A few months ago — in late April or early May — I decided that I had better make a practice of reading the fiction in The New Yorker. I knew that I was getting old, and I didn’t want to get out of touch. I’d been reading The New Yorker for over forty-five years, but I’d stopped reading the stories — reading them as a matter of course, that is, simply because they were published in The New Yorker — decades ago. As you get older, that’s what happens. Every now and then, you take up something new, but for the most part you let go of things that used to be very important. When you give them up, you sigh a sigh of relief: you’re free. Your sense of well-being is no longer dependent on whether or not you have, say, read this week’s New Yorker story.

And it’s fine for a little while; but then you begin to wonder: what are those kids up to? Can you still even read the stories in The New Yorker? I found myself asking this every time a story by T Coraghessan Boyle appeared. I really cannot stand Mr Boyle’s work. It’s not that I think that he’s no good — not at all. I can tell that he’s very good. But I can’t stand his stories. (The real mystery man for me is Philip Roth. I can’t stand him, either — but I can’t begin to understand why he’s as highly regarded as he is. To me, the fiction of Philip Roth is nothing but a mound of slipshod vernacular.) Worried about the T Coraghessan Boyles out there, I thought that I had better start policing the perimeter, as one old dodger puts it in an old Miss Marple episode.

The only way to force myself to read the stories in The New Yorker — each and every one of them, whether or not I was in the mood to do so — was, I knew, to commit to writing them up as a weekly thing at Portico. And that’s what I did. Or it’s what I thought I did.

As I was publishing my write-up of this week’s New Yorker story today (Ludmilla Petrushevskaya’s “The Fountain House“), I looked back at the other stories that I’ve written about. This is where the challenge of making the interesting thing that happened to me interesting to you gets tricky.
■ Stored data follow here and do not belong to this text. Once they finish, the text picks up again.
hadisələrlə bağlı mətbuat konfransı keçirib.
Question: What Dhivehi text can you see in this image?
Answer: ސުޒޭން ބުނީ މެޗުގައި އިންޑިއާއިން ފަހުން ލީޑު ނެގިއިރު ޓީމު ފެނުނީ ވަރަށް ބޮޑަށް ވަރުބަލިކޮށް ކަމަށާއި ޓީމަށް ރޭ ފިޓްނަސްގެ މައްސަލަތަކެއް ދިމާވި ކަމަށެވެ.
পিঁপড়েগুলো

You probably couldn’t care less about the difference between a Web site and a blog, but, as you know, I operate one of each, and the work that I hope will last appears at the Web site, not here. One difference between a Web site and a blog is that Web sites require handwritten navigation. If you post a new page at a Web site, you have to update the associated menu page, or else nobody will be able to find what you’ve just written. (Blogs automate this business.)  So, after I wrote up Ms Petrushevskaya’s story, I added the title (as a link) to the list of New Yorker stories that I’ve written up. (The page has no permalink, but you can see it here.) Then I wondered why the oldest entry on the list dated to the issue of 8 June. Hadn’t I started writing up the stories in May? Or earlier?

Usually, when I dream up some new feature for my sites, I start out with blog entries. Both the Friday movies pieces and the Book Review reviews ran for ages on the old Daily Blague before I decided that they really belonged, permanently, at Portico. So I figured that there were a few Daily Blague entries that discussed New Yorker stories — written during May of this year — and I thought that I would simply transfer their contents to their proper destination. All I had to do was find them.

But the contents did not exist. I hadn’t lost the pages; I’d never written them. The first interesting thing that happened to me today was the shock of discovering that I had never written up a month’s worth of stories. I’d planned to write them up, hoped to write them up; but I’d never got round to writing them up. The second, much deeper, shock was realizing that I’d completely forgotten how different and difficult things were, three months ago.

It hit home when I found a draft appraising Jonathan Lethem’s story in the issue of 25 May, “Ava’s Apartment.” I’d written the story up, but I’d never edited it or formatted it or uploaded it or done any of the seven or eight things that have to be done to transform a raw piece of writing into a published Web page — at a Web site, without the help of a blogging platform. So I took care of that  today, this afternoon.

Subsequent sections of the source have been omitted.